10. The reinforcement structure according to claim 8, wherein the third connecting portion is provided on a side of the rear wheel cover inner plate facing away from the wheel cover inner plate.

11. The reinforcing structure of any one of claims 1-7, further comprising a first plate, one side of the first plate protruding to the other side to form a first reinforcing protrusion.

12. The reinforcing structure of claim 11, wherein the first panel includes a first connecting wall surrounding at least a portion of the first reinforcing protrusion;

the first connecting portion is arranged on the first connecting wall, and at least part of the third connecting portion is arranged on the first connecting wall.

13. The reinforcing structure of claim 12, wherein the first connecting wall is formed with a vent groove provided between the first connecting portion and the third connecting portion.

14. The reinforcing structure of claim 13, wherein the vent slot has an opening dimension of L1, L1 being greater than or equal to 3mm.

15. The reinforcing structure of claim 11, wherein the first plate has a first through hole formed therein, the first through hole configured to pass a wire harness therethrough.

16. The reinforcement structure of claim 15, wherein the first through hole is configured to correspond to a harness through hole on the rear wheel cover inner panel.

17. The reinforcing structure of claim 11, wherein the rear wheel cover inner panel is provided with a first positioning member;

The first plate is provided with a first positioning hole, and the first positioning hole is matched with the first positioning piece so as to fix the first plate and the inner plate of the rear wheel cover relatively.

18. The reinforcing structure of claim 11, further comprising a second plate connected to the first plate, one side of the second plate protruding to the other side to form a second reinforcing protrusion.

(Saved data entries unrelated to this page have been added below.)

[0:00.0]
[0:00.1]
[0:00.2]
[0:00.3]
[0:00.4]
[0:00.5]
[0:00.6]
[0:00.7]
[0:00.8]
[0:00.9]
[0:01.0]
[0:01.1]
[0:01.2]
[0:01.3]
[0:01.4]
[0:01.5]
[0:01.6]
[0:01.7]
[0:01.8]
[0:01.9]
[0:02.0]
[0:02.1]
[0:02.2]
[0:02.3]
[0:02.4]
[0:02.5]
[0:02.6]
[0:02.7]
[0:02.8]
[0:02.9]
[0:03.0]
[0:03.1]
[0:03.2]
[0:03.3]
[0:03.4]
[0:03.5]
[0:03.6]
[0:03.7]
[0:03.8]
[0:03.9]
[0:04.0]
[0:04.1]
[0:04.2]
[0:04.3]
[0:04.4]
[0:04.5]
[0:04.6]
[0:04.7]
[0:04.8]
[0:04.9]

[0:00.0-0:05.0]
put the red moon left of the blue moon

19. The reinforcing structure of claim 18, further comprising a second connection;

the second plate includes a second connecting wall surrounding at least a portion of the second reinforcing protrusion;

The second connecting part is arranged on the second connecting wall, and at least part of the third connecting part is arranged on the second connecting wall.

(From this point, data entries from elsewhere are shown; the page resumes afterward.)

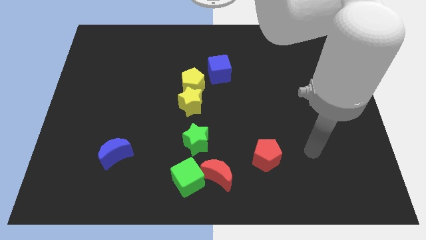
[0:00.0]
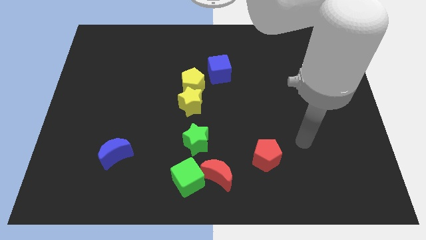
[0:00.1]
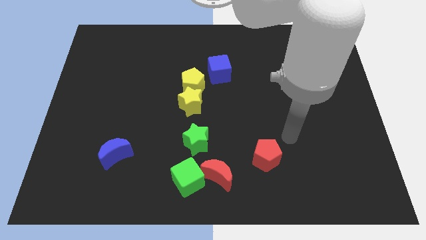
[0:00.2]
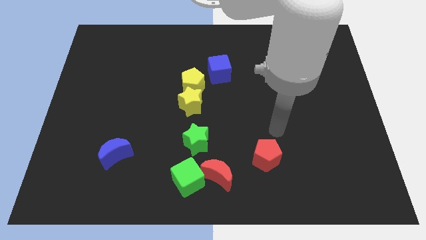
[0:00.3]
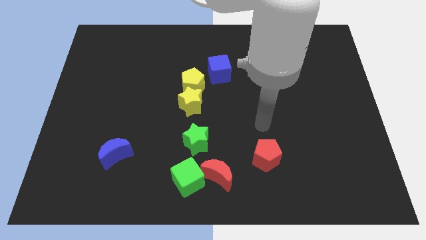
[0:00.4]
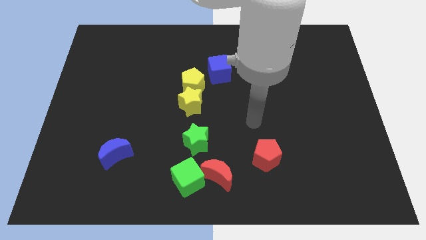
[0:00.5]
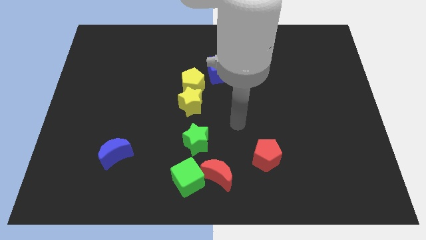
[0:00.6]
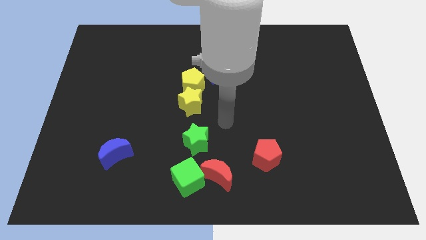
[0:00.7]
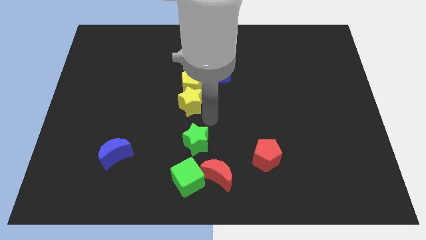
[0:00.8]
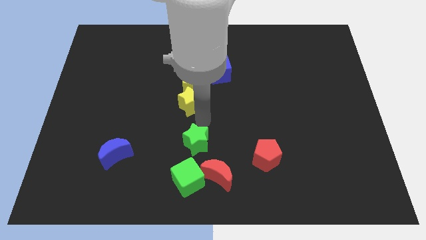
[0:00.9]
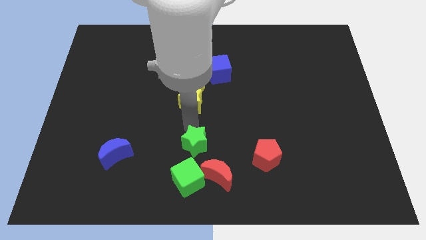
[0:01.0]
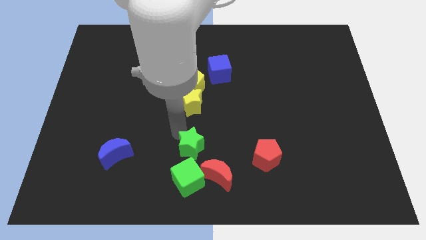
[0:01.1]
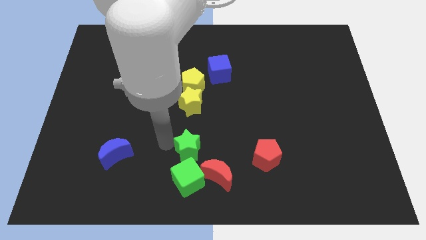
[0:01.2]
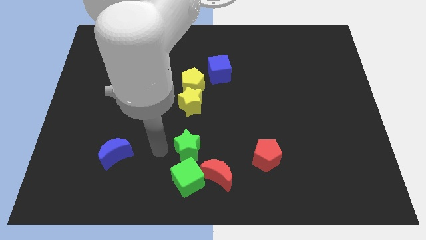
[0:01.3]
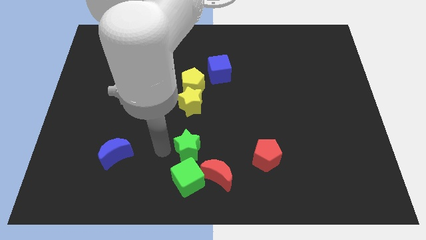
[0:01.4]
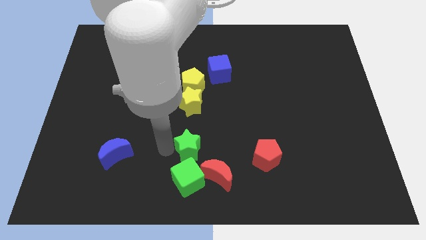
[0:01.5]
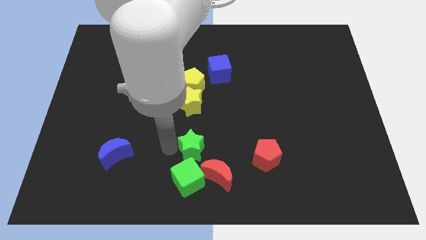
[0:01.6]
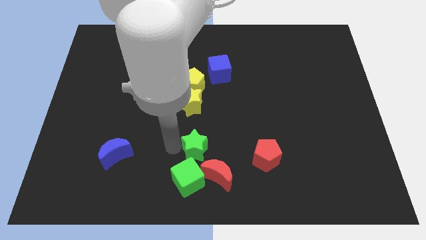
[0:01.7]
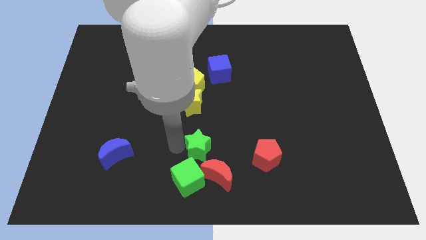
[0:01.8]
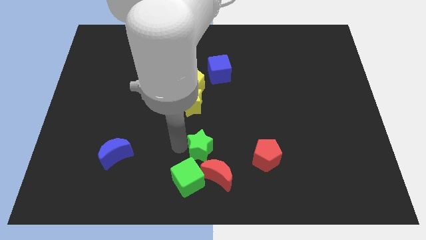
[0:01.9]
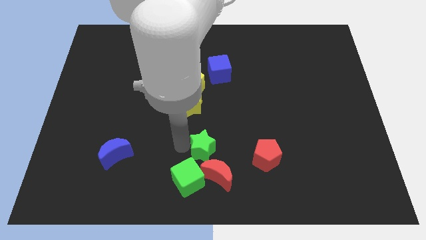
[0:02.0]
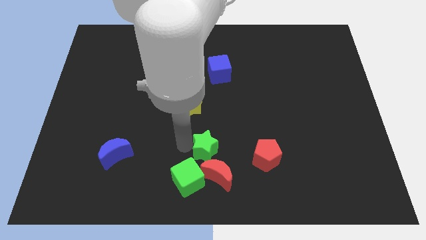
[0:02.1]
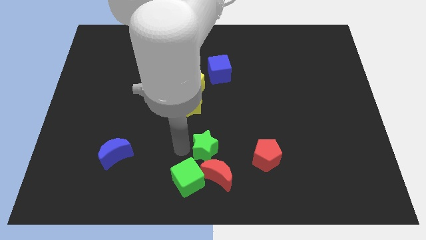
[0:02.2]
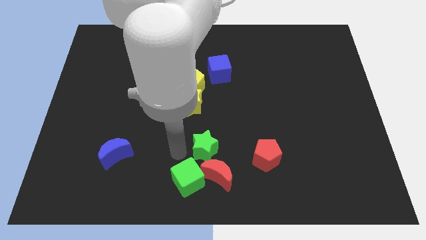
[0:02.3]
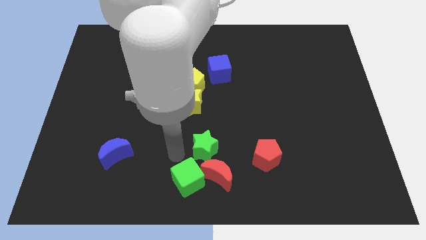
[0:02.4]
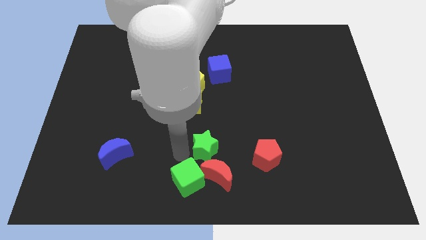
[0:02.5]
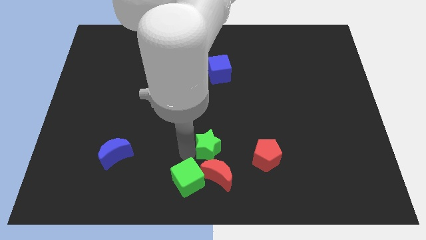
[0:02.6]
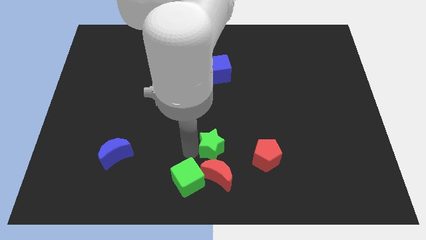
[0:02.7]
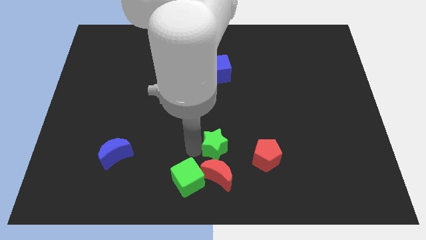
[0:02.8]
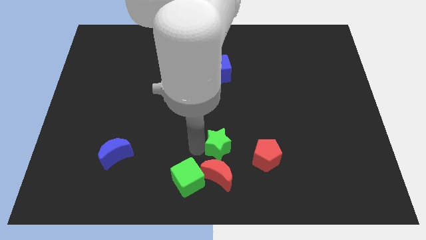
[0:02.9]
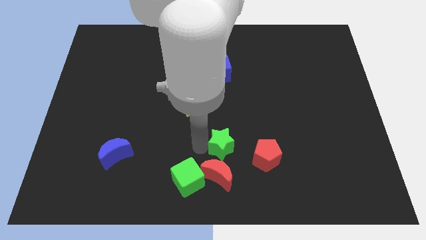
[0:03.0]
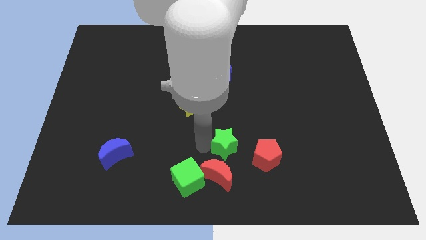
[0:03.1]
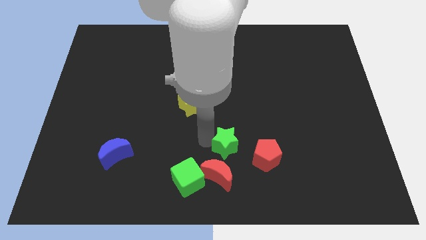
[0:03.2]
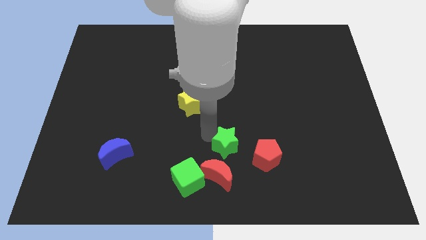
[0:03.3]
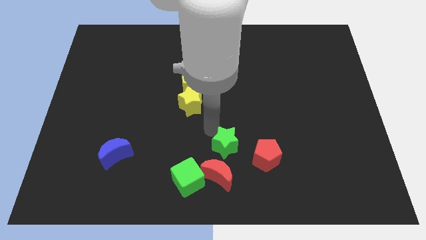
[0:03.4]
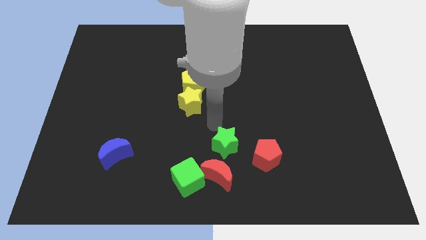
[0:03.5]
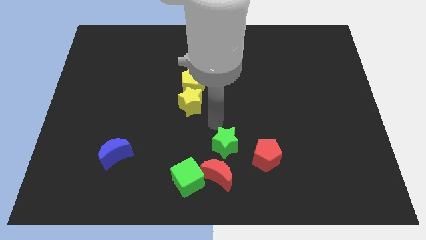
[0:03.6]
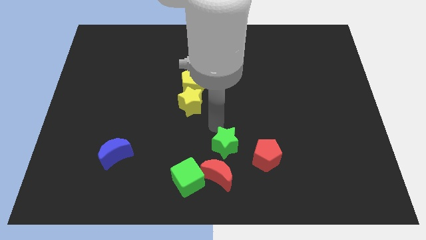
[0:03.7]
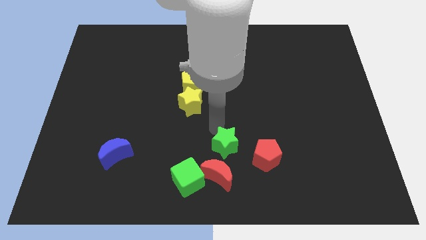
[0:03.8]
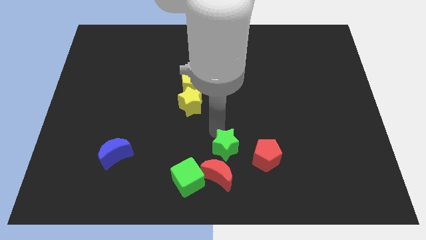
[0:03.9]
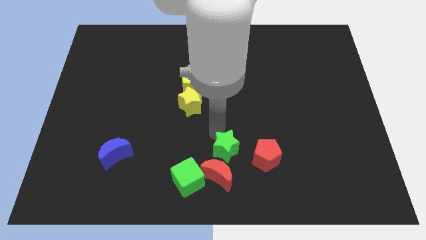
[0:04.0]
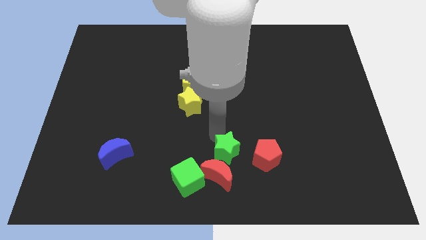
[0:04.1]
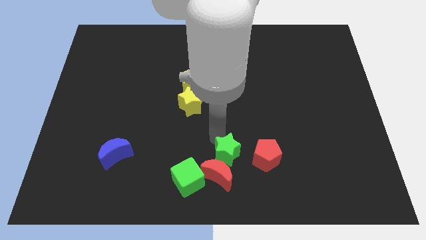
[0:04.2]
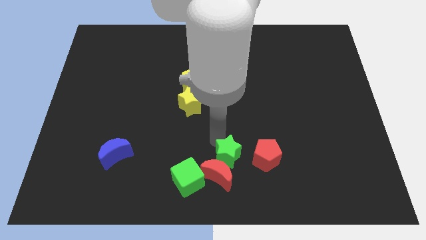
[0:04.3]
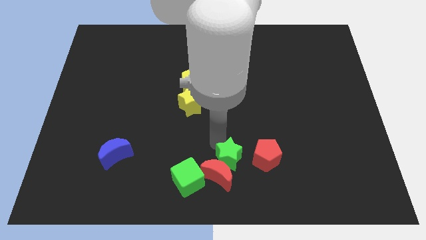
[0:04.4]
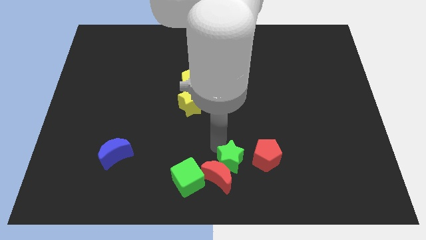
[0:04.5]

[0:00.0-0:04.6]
move the green star to the bottom left of the red pentagon

20. The reinforcing structure of claim 18, wherein the rear wheel cover inner panel is provided with a second positioning member;

The second plate is provided with a second positioning hole, and the second positioning hole is matched with the second positioning piece so as to fix the second plate and the inner plate of the rear wheel cover relatively.

21. The reinforcing structure of any one of claims 1-7, further comprising a first reinforcing portion disposed on a side of the first connecting portion facing away from the third connecting portion.

22. The reinforcing structure of claim 21, wherein the first reinforcing portion comprises a first reinforcing groove comprising oppositely disposed first and second edges, the first edge being adjacent the first connecting portion, a projection of the second edge falling within the first edge.

23. The reinforcing structure of any one of claims 1-7, further comprising a second reinforcing portion disposed at the third connecting portion.

24. The reinforcing structure of claim 23, wherein the second reinforcing portion includes a weight-reducing slot extending through the third connecting portion.

25. A rear wheel cover assembly comprising a reinforcing structure as claimed in any one of claims 1 to 24.

26. The rear wheel cover assembly as defined in claim 25, further comprising:

a rear wheel cover inner plate connected to the first connection portion, and

And a rear wheel cover outer plate connected to the third connection portion.

27. A vehicle comprising a reinforcing structure as claimed in any one of claims 1 to 24 or a rear wheel cover assembly as claimed in any one of claims 25 to 26.